Will internet calls kill wiretapping?

Even as the US government is embroiled in a debate over the legality of wiretapping, the fastest-growing technology for internet calls appears to have the potential to make eavesdropping a thing of the past.

Skype calls are encrypted using mathematical operations

Skype, the internet calling service recently acquired by eBay Inc, provides free voice calls and instant messaging between users.

Unlike other internet voice services, Skype calls are encrypted – encoded using complex mathematical operations. That apparently makes them impossible to snoop on, though the company leaves the issue somewhat open to question.

Skype is certainly not the first application for encrypted communications on the internet. Secure e-mail and instant messaging programs have been available for years at little or no cost.

But to a large extent, internet users have not felt a need for privacy that outweighed the extra effort needed to use encryption. In particular, e-mail programs such as Pretty Good Privacy have been considered too cumbersome by many.

Limited popularity

And because such applications have had limited popularity, their mere use can draw attention. With Skype, however, criminals, terrorists and other people who really want to keep their communications private are indistinguishable from those who just want to call their mothers.

Skype became popular not because it was secure, but because it was easy to use,” said Bruce Schneier, chief technology officer at Counterpane Internet Security Inc.

A well-designed cryptographicsystem can be unbreakable
A well-designed cryptographicsystem can be unbreakable

A well-designed cryptographic
system can be unbreakable

Luxembourg-based Skype was founded by the Swedish and Estonian entrepreneurs who created the Kazaa file-sharing network, which has been the subject of several court actions by the music industry.

Skype calls whip around the internet encrypted with “keys”, which essentially are very long numbers. Skype keys are 256 bits long – twice as long as the 128-bit keys used to send credit card numbers over the Internet.

The security is much more than doubled – in theory, Skype’s 256-bit keys would take trillions of times longer to crack than 128-bit keys, which are themselves regarded as practically impossible to break by current means.

It is a pretty secure form of communication, which if you’re talking to your mistress you really appreciate, but if al-Qaida is talking over Skype you have probably a different view,” said Monty Bannerman, chief executive of Verso Technologies Inc.

His company makes equipment for internet service providers, including software that can identify and block Skype calls.

Really secure?

Security experts are not completely convinced that Skype is as secure as it seems, because the company hasn’t made its technology open to review. In the cryptographic community, opening software blueprints to outsiders who can point out errors is considered to be the safest way to go.

Because of the complex mathematics involved, a properly designed cryptographic system can be unbreakable even if its method is known to outsiders.

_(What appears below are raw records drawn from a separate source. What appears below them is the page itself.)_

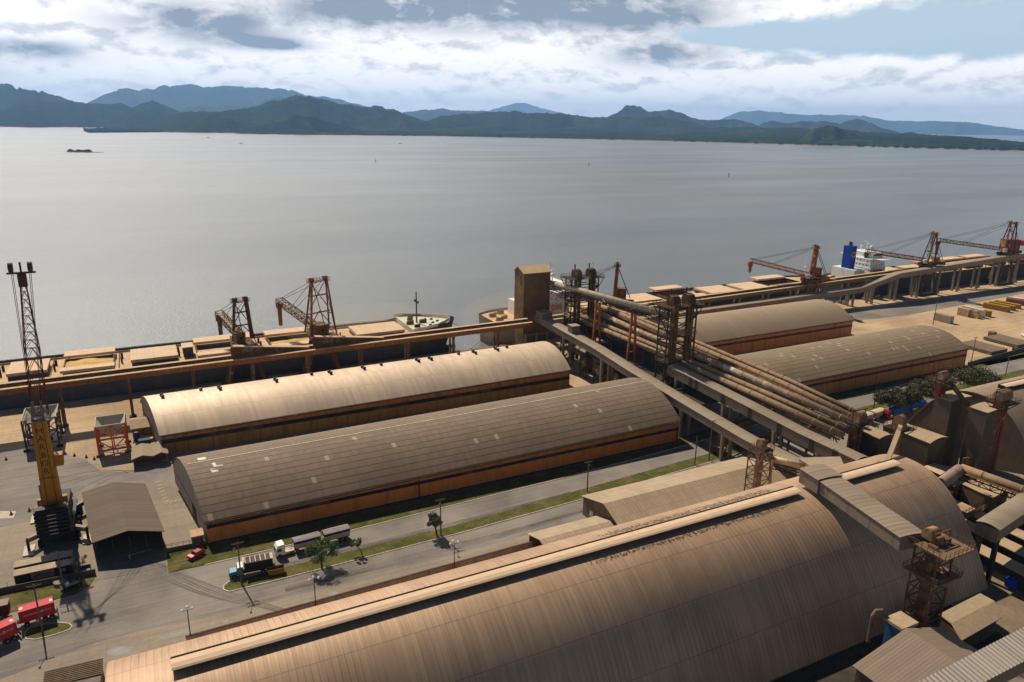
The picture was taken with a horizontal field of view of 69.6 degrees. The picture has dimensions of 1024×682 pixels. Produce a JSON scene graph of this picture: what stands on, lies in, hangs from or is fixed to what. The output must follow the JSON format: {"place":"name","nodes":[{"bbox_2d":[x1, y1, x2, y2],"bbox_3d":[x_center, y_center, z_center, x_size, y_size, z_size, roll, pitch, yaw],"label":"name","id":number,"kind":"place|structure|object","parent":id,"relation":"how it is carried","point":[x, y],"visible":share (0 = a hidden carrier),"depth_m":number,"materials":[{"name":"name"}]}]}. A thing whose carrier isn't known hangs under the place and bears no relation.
{"place":"outdoors","nodes":[
{"label":"outdoors","id":0,"kind":"place"},
{"bbox_2d":[0,83,73,107],"bbox_3d":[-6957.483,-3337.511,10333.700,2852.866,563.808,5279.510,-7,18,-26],"label":"shore hill","id":1,"kind":"structure","parent":0,"point":[10,95],"depth_m":9753.81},
{"bbox_2d":[0,449,174,526],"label":"service road","id":2,"kind":"structure","parent":0,"point":[19,487],"depth_m":213.17,"materials":[{"name":"grey concrete"}]},
{"bbox_2d":[0,100,181,127],"bbox_3d":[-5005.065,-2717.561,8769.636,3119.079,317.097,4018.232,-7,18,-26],"label":"shore hill","id":3,"kind":"structure","parent":0,"point":[37,114],"depth_m":7927.10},
{"bbox_2d":[164,117,256,132],"bbox_3d":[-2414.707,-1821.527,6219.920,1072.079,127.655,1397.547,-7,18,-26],"label":"hill","id":4,"kind":"structure","parent":0,"point":[205,125],"depth_m":5903.62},
{"bbox_2d":[88,84,365,111],"bbox_3d":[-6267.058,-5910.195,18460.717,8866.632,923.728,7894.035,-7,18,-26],"label":"blue mountain","id":5,"kind":"structure","parent":0,"point":[179,98],"depth_m":17088.49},
{"bbox_2d":[180,97,285,111],"bbox_3d":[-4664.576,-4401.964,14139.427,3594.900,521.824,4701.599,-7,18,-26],"label":"blue mountain","id":6,"kind":"structure","parent":0,"point":[241,105],"depth_m":13733.80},
{"bbox_2d":[140,94,433,128],"bbox_3d":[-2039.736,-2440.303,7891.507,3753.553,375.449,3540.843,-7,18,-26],"label":"wooded hill","id":7,"kind":"structure","parent":0,"point":[354,116],"depth_m":7346.08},
{"bbox_2d":[234,115,363,135],"bbox_3d":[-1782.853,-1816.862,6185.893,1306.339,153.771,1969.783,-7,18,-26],"label":"hill","id":8,"kind":"structure","parent":0,"point":[299,125],"depth_m":5702.16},
{"bbox_2d":[402,108,487,120],"bbox_3d":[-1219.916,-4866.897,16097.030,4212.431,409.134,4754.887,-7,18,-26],"label":"blue mountain","id":9,"kind":"structure","parent":0,"point":[427,115],"depth_m":15613.72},
{"bbox_2d":[0,127,1023,360],"bbox_3d":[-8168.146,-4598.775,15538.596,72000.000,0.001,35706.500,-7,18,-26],"label":"water","id":10,"kind":"structure","parent":0,"point":[128,239],"depth_m":844.70,"materials":[{"name":"liquid"}]},
{"bbox_2d":[0,292,455,409],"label":"bulk carrier","id":11,"kind":"object","parent":10,"relation":"on","point":[132,356],"visible":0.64,"depth_m":295.59,"materials":[{"name":"metal"}]},
{"bbox_2d":[65,357,112,366],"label":"grain heap","id":12,"kind":"object","parent":11,"relation":"in","point":[86,361],"visible":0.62,"depth_m":283.15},
{"bbox_2d":[479,261,819,345],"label":"bulk carrier","id":13,"kind":"object","parent":10,"relation":"on","point":[557,303],"visible":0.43,"depth_m":401.37,"materials":[{"name":"metal"}]},
{"bbox_2d":[820,237,1023,301],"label":"bulk carrier","id":14,"kind":"object","parent":10,"relation":"on","point":[855,261],"visible":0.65,"depth_m":472.17,"materials":[{"name":"metal"}]},
{"bbox_2d":[0,359,1023,678],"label":"road","id":15,"kind":"structure","parent":0,"point":[124,601],"depth_m":170.86,"materials":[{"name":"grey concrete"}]},
{"bbox_2d":[0,616,20,644],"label":"container trailer","id":16,"kind":"object","parent":15,"relation":"on","point":[8,627],"visible":1,"depth_m":145.55,"materials":[{"name":"red metal"}]},
{"bbox_2d":[17,596,58,626],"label":"container trailer","id":17,"kind":"object","parent":15,"relation":"on","point":[27,612],"visible":0.91,"depth_m":151.04,"materials":[{"name":"red metal"}]},
{"bbox_2d":[25,622,70,638],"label":"island grass","id":18,"kind":"structure","parent":15,"relation":"on","point":[48,629],"depth_m":149.49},
{"bbox_2d":[228,552,275,579],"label":"tipper truck","id":19,"kind":"object","parent":15,"relation":"on","point":[263,562],"visible":0.95,"depth_m":168.29,"materials":[{"name":"teal paint"}]},
{"bbox_2d":[273,524,349,557],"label":"grain truck","id":20,"kind":"object","parent":15,"relation":"on","point":[332,533],"visible":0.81,"depth_m":178.61,"materials":[{"name":"white paint"}]},
{"bbox_2d":[223,397,931,591],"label":"kerb","id":21,"kind":"structure","parent":15,"relation":"on","point":[437,538],"depth_m":181.75,"materials":[{"name":"concrete"}]},
{"bbox_2d":[205,358,1023,564],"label":"kerb","id":22,"kind":"structure","parent":15,"relation":"on","point":[539,483],"depth_m":210.47,"materials":[{"name":"concrete"}]},
{"bbox_2d":[224,369,1023,590],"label":"median grass","id":23,"kind":"structure","parent":15,"relation":"on","point":[294,570],"depth_m":194.79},
{"bbox_2d":[304,538,340,568],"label":"tree","id":24,"kind":"object","parent":23,"relation":"on","point":[321,544],"visible":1,"depth_m":170.18,"materials":[{"name":"green plant"}]},
{"bbox_2d":[882,399,925,419],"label":"grain truck","id":25,"kind":"object","parent":15,"relation":"on","point":[890,412],"visible":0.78,"depth_m":267.71,"materials":[{"name":"blue metal"}]},
{"bbox_2d":[0,278,1023,681],"bbox_3d":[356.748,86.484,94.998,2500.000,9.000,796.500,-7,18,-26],"label":"ground","id":26,"kind":"structure","parent":0,"point":[176,514],"depth_m":220.78,"materials":[{"name":"concrete"}]},
{"bbox_2d":[13,550,72,569],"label":"truck","id":27,"kind":"object","parent":26,"relation":"on","point":[34,561],"visible":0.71,"depth_m":168.51,"materials":[{"name":"black paint"}]},
{"bbox_2d":[20,404,65,451],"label":"grain hopper","id":28,"kind":"object","parent":26,"relation":"on","point":[54,433],"visible":0.69,"depth_m":232.81,"materials":[{"name":"grey metal"}]},
{"bbox_2d":[13,557,74,584],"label":"truck","id":29,"kind":"object","parent":26,"relation":"on","point":[36,572],"visible":0.96,"depth_m":165.28,"materials":[{"name":"black paint"}]},
{"bbox_2d":[0,565,95,593],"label":"yard fence","id":30,"kind":"object","parent":26,"relation":"on","point":[22,586],"visible":0.93,"depth_m":163.91,"materials":[{"name":"metal"}]},
{"bbox_2d":[6,262,91,556],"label":"harbour crane","id":31,"kind":"object","parent":26,"relation":"on","point":[57,513],"visible":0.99,"depth_m":176.00,"materials":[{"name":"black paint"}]},
{"bbox_2d":[43,658,103,681],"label":"tiled hut","id":32,"kind":"object","parent":26,"relation":"on","point":[90,671],"visible":1,"depth_m":133.86,"materials":[{"name":"tile"}]},
{"bbox_2d":[94,413,130,457],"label":"grain hopper","id":33,"kind":"object","parent":26,"relation":"on","point":[109,425],"visible":1,"depth_m":228.49,"materials":[{"name":"orange paint"}]},
{"bbox_2d":[81,482,164,560],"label":"truck shed","id":34,"kind":"structure","parent":26,"relation":"on","point":[113,508],"depth_m":183.40,"materials":[{"name":"metal"}]},
{"bbox_2d":[129,416,151,438],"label":"annex","id":35,"kind":"object","parent":26,"relation":"on","point":[142,425],"visible":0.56,"depth_m":240.50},
{"bbox_2d":[131,445,167,467],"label":"folded roof shelter","id":36,"kind":"object","parent":26,"relation":"on","point":[141,454],"visible":1,"depth_m":223.15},
{"bbox_2d":[215,296,308,384],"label":"shiploader","id":37,"kind":"object","parent":26,"relation":"on","point":[241,344],"visible":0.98,"depth_m":278.90,"materials":[{"name":"brown metal"}]},
{"bbox_2d":[0,318,532,427],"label":"quay conveyor","id":38,"kind":"object","parent":26,"relation":"on","point":[58,383],"visible":0.89,"depth_m":268.37,"materials":[{"name":"metal"}]},
{"bbox_2d":[275,275,383,374],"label":"shiploader","id":39,"kind":"object","parent":26,"relation":"on","point":[320,335],"visible":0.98,"depth_m":291.61,"materials":[{"name":"brown metal"}]},
{"bbox_2d":[140,341,570,453],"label":"arched warehouse","id":40,"kind":"structure","parent":26,"relation":"on","point":[199,418],"depth_m":256.18,"materials":[{"name":"metal"}]},
{"bbox_2d":[185,541,531,640],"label":"boundary wall","id":41,"kind":"structure","parent":26,"relation":"on","point":[460,563],"depth_m":161.50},
{"bbox_2d":[171,377,680,543],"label":"arched warehouse","id":42,"kind":"structure","parent":26,"relation":"on","point":[239,491],"depth_m":208.30,"materials":[{"name":"metal"}]},
{"bbox_2d":[0,352,1023,611],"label":"verge grass","id":43,"kind":"structure","parent":26,"relation":"on","point":[212,552],"depth_m":196.81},
{"bbox_2d":[514,264,551,344],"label":"transfer tower","id":44,"kind":"structure","parent":26,"relation":"on","point":[531,292],"depth_m":329.25,"materials":[{"name":"concrete"}]},
{"bbox_2d":[105,454,987,681],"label":"storage vault","id":45,"kind":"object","parent":26,"relation":"on","point":[770,582],"visible":0.92,"depth_m":135.20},
{"bbox_2d":[797,456,842,476],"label":"gallery end box","id":46,"kind":"object","parent":45,"relation":"on","point":[830,462],"visible":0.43,"depth_m":192.38,"materials":[{"name":"metal"}]},
{"bbox_2d":[799,464,842,493],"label":"belt gallery","id":47,"kind":"object","parent":45,"relation":"on","point":[811,477],"visible":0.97,"depth_m":163.72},
{"bbox_2d":[527,516,613,545],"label":"open shed","id":48,"kind":"structure","parent":26,"relation":"on","point":[566,530],"depth_m":180.84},
{"bbox_2d":[560,262,604,359],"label":"elevator tower","id":49,"kind":"structure","parent":26,"relation":"on","point":[577,276],"depth_m":321.52,"materials":[{"name":"metal"}]},
{"bbox_2d":[552,262,648,338],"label":"shiploader","id":50,"kind":"object","parent":26,"relation":"on","point":[619,292],"visible":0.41,"depth_m":358.99,"materials":[{"name":"brown metal"}]},
{"bbox_2d":[548,280,670,372],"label":"tube conveyor","id":51,"kind":"object","parent":26,"relation":"on","point":[634,306],"visible":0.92,"depth_m":293.29,"materials":[{"name":"metal"}]},
{"bbox_2d":[533,313,799,473],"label":"belt gallery","id":52,"kind":"object","parent":26,"relation":"on","point":[723,427],"visible":0.66,"depth_m":248.09,"materials":[{"name":"metal"}]},
{"bbox_2d":[652,285,705,383],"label":"elevator tower","id":53,"kind":"structure","parent":26,"relation":"on","point":[674,303],"depth_m":261.76,"materials":[{"name":"metal"}]},
{"bbox_2d":[581,455,793,525],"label":"long shed","id":54,"kind":"structure","parent":26,"relation":"on","point":[639,500],"depth_m":196.07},
{"bbox_2d":[572,316,878,456],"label":"pipe bridge","id":55,"kind":"structure","parent":26,"relation":"on","point":[617,347],"depth_m":276.35,"materials":[{"name":"brown metal"}]},
{"bbox_2d":[563,312,844,440],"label":"tube conveyor","id":56,"kind":"object","parent":55,"relation":"on","point":[830,429],"visible":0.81,"depth_m":238.80,"materials":[{"name":"metal"}]},
{"bbox_2d":[576,313,849,433],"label":"tube conveyor","id":57,"kind":"object","parent":55,"relation":"on","point":[821,417],"visible":0.63,"depth_m":241.88,"materials":[{"name":"metal"}]},
{"bbox_2d":[597,310,851,425],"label":"tube conveyor","id":58,"kind":"object","parent":55,"relation":"on","point":[831,413],"visible":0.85,"depth_m":244.72,"materials":[{"name":"metal"}]},
{"bbox_2d":[601,304,851,416],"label":"tube conveyor","id":59,"kind":"object","parent":55,"relation":"on","point":[714,355],"visible":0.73,"depth_m":252.57,"materials":[{"name":"metal"}]},
{"bbox_2d":[607,304,855,411],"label":"tube conveyor","id":60,"kind":"object","parent":55,"relation":"on","point":[798,385],"visible":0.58,"depth_m":246.41,"materials":[{"name":"metal"}]},
{"bbox_2d":[744,438,774,490],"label":"bucket elevator","id":61,"kind":"object","parent":26,"relation":"on","point":[761,448],"visible":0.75,"depth_m":193.89,"materials":[{"name":"metal"}]},
{"bbox_2d":[769,456,803,475],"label":"tube conveyor","id":62,"kind":"object","parent":61,"relation":"attached to","point":[787,462],"visible":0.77,"depth_m":192.74,"materials":[{"name":"metal"}]},
{"bbox_2d":[668,364,867,463],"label":"belt gallery","id":63,"kind":"object","parent":26,"relation":"on","point":[816,443],"visible":0.84,"depth_m":223.17,"materials":[{"name":"metal"}]},
{"bbox_2d":[552,258,1022,328],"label":"quay conveyor","id":64,"kind":"object","parent":26,"relation":"on","point":[762,291],"visible":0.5,"depth_m":415.15,"materials":[{"name":"metal"}]},
{"bbox_2d":[748,244,835,293],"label":"shiploader","id":65,"kind":"object","parent":26,"relation":"on","point":[815,272],"visible":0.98,"depth_m":417.62,"materials":[{"name":"orange metal"}]},
{"bbox_2d":[621,251,1023,325],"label":"quay gallery","id":66,"kind":"object","parent":26,"relation":"on","point":[874,283],"visible":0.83,"depth_m":441.91,"materials":[{"name":"metal"}]},
{"bbox_2d":[845,408,872,451],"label":"bucket elevator","id":67,"kind":"object","parent":26,"relation":"on","point":[858,419],"visible":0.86,"depth_m":207.11,"materials":[{"name":"metal"}]},
{"bbox_2d":[872,388,907,408],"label":"tree","id":68,"kind":"object","parent":26,"relation":"on","point":[891,398],"visible":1,"depth_m":268.30,"materials":[{"name":"green plant"}]},
{"bbox_2d":[770,605,1023,681],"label":"oily yard","id":69,"kind":"structure","parent":26,"relation":"on","point":[838,667],"depth_m":143.47,"materials":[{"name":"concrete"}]},
{"bbox_2d":[866,609,918,644],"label":"blue dust filter","id":70,"kind":"object","parent":69,"relation":"on","point":[898,622],"visible":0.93,"depth_m":138.76,"materials":[{"name":"paint"}]},
{"bbox_2d":[852,627,1023,681],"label":"shed","id":71,"kind":"structure","parent":69,"relation":"on","point":[912,655],"depth_m":130.14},
{"bbox_2d":[902,523,975,627],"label":"elevator tower","id":72,"kind":"structure","parent":69,"relation":"on","point":[936,544],"depth_m":140.44,"materials":[{"name":"brown metal"}]},
{"bbox_2d":[819,477,922,550],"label":"belt gallery","id":73,"kind":"object","parent":72,"relation":"attached to","point":[883,522],"visible":0.98,"depth_m":149.13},
{"bbox_2d":[940,593,1001,645],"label":"lean to shed","id":74,"kind":"object","parent":69,"relation":"on","point":[972,621],"visible":0.76,"depth_m":150.09,"materials":[{"name":"metal"}]},
{"bbox_2d":[919,627,1023,681],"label":"corrugated gallery","id":75,"kind":"object","parent":69,"relation":"on","point":[1001,660],"visible":1,"depth_m":116.28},
{"bbox_2d":[883,411,916,454],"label":"bucket elevator","id":76,"kind":"object","parent":26,"relation":"on","point":[898,419],"visible":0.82,"depth_m":189.17,"materials":[{"name":"metal"}]},
{"bbox_2d":[863,231,945,295],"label":"shiploader","id":77,"kind":"object","parent":26,"relation":"on","point":[926,262],"visible":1,"depth_m":461.58,"materials":[{"name":"brown metal"}]},
{"bbox_2d":[892,385,923,403],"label":"tree","id":78,"kind":"object","parent":26,"relation":"on","point":[912,394],"visible":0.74,"depth_m":271.84,"materials":[{"name":"green plant"}]},
{"bbox_2d":[907,378,934,399],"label":"tree","id":79,"kind":"object","parent":26,"relation":"on","point":[926,387],"visible":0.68,"depth_m":277.25,"materials":[{"name":"green plant"}]},
{"bbox_2d":[845,286,1023,320],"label":"quay lane","id":80,"kind":"structure","parent":26,"relation":"on","point":[900,309],"depth_m":439.54,"materials":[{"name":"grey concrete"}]},
{"bbox_2d":[929,390,971,466],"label":"square bin","id":81,"kind":"object","parent":26,"relation":"on","point":[950,410],"visible":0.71,"depth_m":208.30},
{"bbox_2d":[927,366,958,396],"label":"bucket elevator","id":82,"kind":"object","parent":81,"relation":"on","point":[942,380],"visible":1,"depth_m":206.52,"materials":[{"name":"red metal"}]},
{"bbox_2d":[907,375,1023,474],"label":"storage vault","id":83,"kind":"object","parent":26,"relation":"on","point":[1010,457],"visible":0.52,"depth_m":223.18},
{"bbox_2d":[952,365,1003,386],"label":"tree","id":84,"kind":"object","parent":26,"relation":"on","point":[973,376],"visible":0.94,"depth_m":290.60,"materials":[{"name":"green plant"}]},
{"bbox_2d":[936,220,1023,285],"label":"shiploader","id":85,"kind":"object","parent":26,"relation":"on","point":[1007,246],"visible":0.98,"depth_m":495.59,"materials":[{"name":"brown metal"}]},
{"bbox_2d":[959,402,1003,478],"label":"square bin","id":86,"kind":"object","parent":26,"relation":"on","point":[980,425],"visible":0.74,"depth_m":200.45,"materials":[{"name":"metal"}]},
{"bbox_2d":[962,340,1007,354],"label":"slab stack","id":87,"kind":"object","parent":26,"relation":"on","point":[987,348],"visible":0.82,"depth_m":349.30,"materials":[{"name":"concrete"}]},
{"bbox_2d":[984,386,1021,472],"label":"bucket elevator","id":88,"kind":"object","parent":26,"relation":"on","point":[1000,398],"visible":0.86,"depth_m":200.38,"materials":[{"name":"metal"}]},
{"bbox_2d":[990,469,1023,484],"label":"belt gallery","id":89,"kind":"object","parent":88,"relation":"attached to","point":[1016,478],"visible":0.43,"depth_m":202.07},
{"bbox_2d":[983,334,1023,347],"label":"slab stack","id":90,"kind":"object","parent":26,"relation":"on","point":[1007,340],"visible":0.95,"depth_m":362.72,"materials":[{"name":"concrete"}]},
{"bbox_2d":[983,572,1023,636],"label":"plant yard","id":91,"kind":"structure","parent":26,"relation":"on","point":[1009,602],"depth_m":162.17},
{"bbox_2d":[960,478,1007,512],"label":"annex","id":92,"kind":"object","parent":91,"relation":"on","point":[972,495],"visible":0.5,"depth_m":194.70,"materials":[{"name":"metal"}]},
{"bbox_2d":[962,493,1008,521],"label":"cross catwalk","id":93,"kind":"object","parent":91,"relation":"on","point":[972,512],"visible":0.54,"depth_m":188.46,"materials":[{"name":"brown metal"}]},
{"bbox_2d":[955,499,1023,546],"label":"belt housing","id":94,"kind":"object","parent":91,"relation":"on","point":[1016,535],"visible":0.25,"depth_m":183.31,"materials":[{"name":"metal"}]},
{"bbox_2d":[965,519,1023,564],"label":"belt housing","id":95,"kind":"object","parent":91,"relation":"on","point":[1011,549],"visible":0.33,"depth_m":176.73,"materials":[{"name":"metal"}]},
{"bbox_2d":[974,492,1023,581],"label":"belt gallery","id":96,"kind":"object","parent":91,"relation":"on","point":[995,526],"visible":0.86,"depth_m":169.95,"materials":[{"name":"metal"}]},
{"bbox_2d":[958,464,1023,498],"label":"tube conveyor","id":97,"kind":"object","parent":96,"relation":"attached to","point":[995,480],"visible":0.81,"depth_m":187.91,"materials":[{"name":"metal"}]},
{"bbox_2d":[938,464,963,486],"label":"tube conveyor","id":98,"kind":"object","parent":97,"relation":"attached to","point":[950,476],"visible":0.62,"depth_m":189.19,"materials":[{"name":"metal"}]},
{"bbox_2d":[974,540,1023,592],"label":"belt housing","id":99,"kind":"object","parent":91,"relation":"on","point":[1005,566],"visible":0.44,"depth_m":170.79,"materials":[{"name":"metal"}]},
{"bbox_2d":[0,277,1023,411],"bbox_3d":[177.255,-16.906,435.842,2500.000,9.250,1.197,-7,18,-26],"label":"quay","id":100,"kind":"structure","parent":0,"point":[330,367],"depth_m":302.20,"materials":[{"name":"concrete"}]},
{"bbox_2d":[0,0,1023,129],"label":"sky","id":101,"kind":"structure","parent":0,"point":[890,60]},
{"bbox_2d":[488,103,564,113],"bbox_3d":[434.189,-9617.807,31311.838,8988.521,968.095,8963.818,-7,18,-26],"label":"faint mountain","id":102,"kind":"structure","parent":0,"point":[524,108],"depth_m":30413.28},
{"bbox_2d":[83,126,1023,150],"bbox_3d":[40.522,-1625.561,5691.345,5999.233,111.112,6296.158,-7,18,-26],"label":"wooded shore","id":103,"kind":"structure","parent":0,"point":[778,136],"depth_m":5615.52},
{"bbox_2d":[426,110,707,128],"bbox_3d":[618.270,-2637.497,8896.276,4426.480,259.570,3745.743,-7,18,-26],"label":"wooded hill","id":104,"kind":"structure","parent":0,"point":[514,118],"depth_m":8283.37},
{"bbox_2d":[609,105,761,127],"bbox_3d":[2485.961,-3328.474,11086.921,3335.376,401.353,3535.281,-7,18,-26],"label":"conical hill","id":105,"kind":"structure","parent":0,"point":[628,111],"depth_m":10584.82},
{"bbox_2d":[644,299,853,359],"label":"arched warehouse","id":106,"kind":"structure","parent":0,"point":[752,329],"depth_m":352.89,"materials":[{"name":"metal"}]},
{"bbox_2d":[799,125,859,145],"bbox_3d":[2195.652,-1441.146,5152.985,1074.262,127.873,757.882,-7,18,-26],"label":"wooded hill","id":107,"kind":"structure","parent":0,"point":[829,133],"depth_m":4966.08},
{"bbox_2d":[759,119,901,133],"bbox_3d":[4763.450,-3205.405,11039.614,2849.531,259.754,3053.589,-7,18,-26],"label":"islet hills","id":108,"kind":"structure","parent":0,"point":[860,125],"depth_m":10880.30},
{"bbox_2d":[711,325,968,400],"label":"arched warehouse","id":109,"kind":"structure","parent":0,"point":[830,366],"depth_m":304.13,"materials":[{"name":"metal"}]},
{"bbox_2d":[720,110,1023,135],"bbox_3d":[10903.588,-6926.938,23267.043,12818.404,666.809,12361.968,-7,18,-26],"label":"faint mountain","id":110,"kind":"structure","parent":0,"point":[758,117],"depth_m":22126.03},
{"bbox_2d":[859,425,892,456],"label":"block house","id":111,"kind":"structure","parent":0,"point":[875,441],"depth_m":209.25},
{"bbox_2d":[883,421,947,465],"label":"block house","id":112,"kind":"structure","parent":0,"point":[922,446],"depth_m":205.38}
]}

Free PC-to-PC calls and instantmessaging are standard now
Free PC-to-PC calls and instantmessaging are standard now

Free PC-to-PC calls and instant
messaging are standard now

But according to Schneier, if Skype’s encryption is weaker than believed, it still would stymie the kind of broad eavesdropping that the National Security Agency is reputed to be performing, in which it scans thousands or millions of calls at a time for certain phrases.

Even a weakly encrypted call would force an eavesdropper to spend hours of computer time cracking it.

Kurt Sauer, Skype’s chief security officer, said there are no “back doors” that could let a government bypass the encryption on a call. At the same time, he said Skype “cooperates fully with all lawful requests from relevant authorities.” He would not give particulars on the type of support provided.

The US Justice Department did not respond to questions about its views on Skype’s encryption.

Decryption

Verso’s Bannerman notes that Skype calls are decrypted if they enter the traditional telephone network to communicate with regular phones, so a conversation could be intercepted there. Skype does not reveal how many of its calls run on the phone network.

There are other ways of getting at the conversation than brute-force decryption of the hacking,” Bannerman said.

Schneier believes that eavesdropping on the content of calls is not as important to the NSA as tracking the calls, which is still possible with Skype.

For instance, if a particular account were associated with a terrorist or criminal, it would be possible to identify his conversation partners.

What you and I are saying is much less important than the fact that you and I are talking,” Schneier says.

Against traffic analysis, encryption is irrelevant.